Die Hrn. Payen und Chevallier wollen damit ein helleres und wohlschmekenderes Bier
erhalten haben; sie gaben aber die Quantitaͤt des verwendeten Hopfens
nicht an, und es scheint ihnen auch entgangen zu seyn, daß es nicht der
Hopfen, sondern die Gattung des verwendeten Malzes ist, welche dem Bier die
Farbe vorzugsweise ertheilt.Mit Unrecht haben diese HHrn. voraus gesezt, daß die Ergebnisse einer Analyse
der Hopfendolden voͤllig werthlos gewesen waͤren.Es ergibt sich ferner, daß auch diejenigen Unrecht haben, welche verlangen,
daß der Hopfen nicht mit der Wuͤrze gekocht, sondern erst nach
Beendigung des Kochens zugesezt werden soll, um, wie sie glauben, kein
Hopfenoͤl und keine aromatischen Theile zu verfluͤchtigen.

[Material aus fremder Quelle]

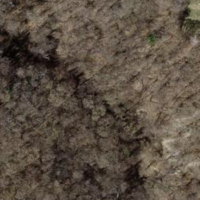
EUNIS habitat code: 41
Species observed at this site:
Ruscus aculeatus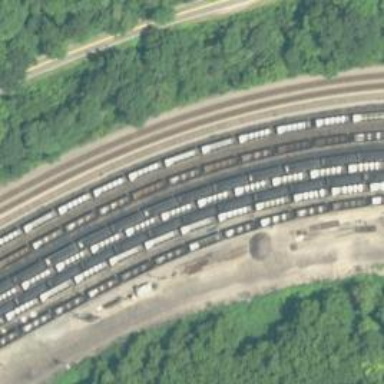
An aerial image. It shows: Railway yard in service.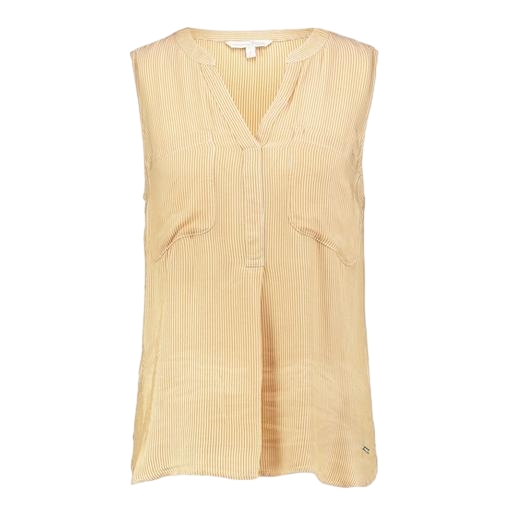
sleeveless light colored shirt, sleeveless shirt, beige tank, white background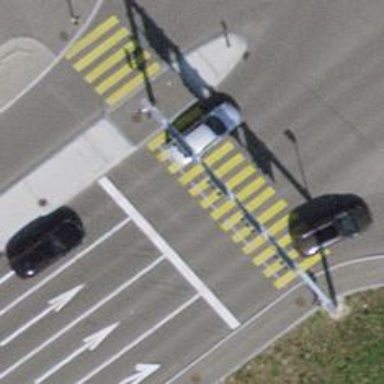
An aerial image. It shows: Crossing equipped with traffic signals. It is zebra crossing.

Denn das Hopfenoͤl verfluͤchtigt sich sogleich, sobald es sich
in der Waͤrme entbindet, und die in eine Vorlage uͤbergezogene
Fluͤssigkeit hatte qei vielmal wiederholten Versuchen immer nur
Hopfenoͤl enthalten, und einen faden, seifenartigen Geschmak gehabt,
ohne die mindeste Spur von Bitterkeit etc. – Die Hrn. Payen und
Chevallier fanden in diesem Wasser, ausser dem wesentlichen Oel, dem es
seinen gewuͤrzhaften Geruch verdankt, basisches essigsaures Amonium.
.
Aus keinem der sechs, auf verschiedene Weise gemachten, Hopfenextracte konnte durch
Destillation mehr Hopfenoͤl gewonnen werden; es hatte sich also
uͤberall gleich bei der Extraction vollstaͤndig
verfluͤchtigt.
Um uͤber die zwekmaͤßigste Anwendung des Hopfens
in der Bierbrauerei noch mehr in's Klare zu kommen, fertigte ich drei Extracte mit
Flußwasser:
Den Iten nach Art der Englaͤnder, indem ich 1 Pfund zertheilten Hopfen mit dem
12fachen Gewicht an Wasser 9 Stunden bei einer Hize von 68 bis 72° R. in
einer mit einem Hut und Kuͤhlapparat versehenen Blase digeriren ließ.
– Das aͤtherische Oel, welches mit 1 1/2 Pfund Wasser
uͤbergegangen war, wurde zum Theil abgenommen, zum Theil verbindet sich
dasselbe aber so sehr mit dem Wasser, daß es selbst durch Destillation nicht
voͤllig getrennt werden kann. Hierauf wurde 1 1/4 Maaß Hopfenextract
abgelassen, dessen spezifisches Gewicht 1,1111 war.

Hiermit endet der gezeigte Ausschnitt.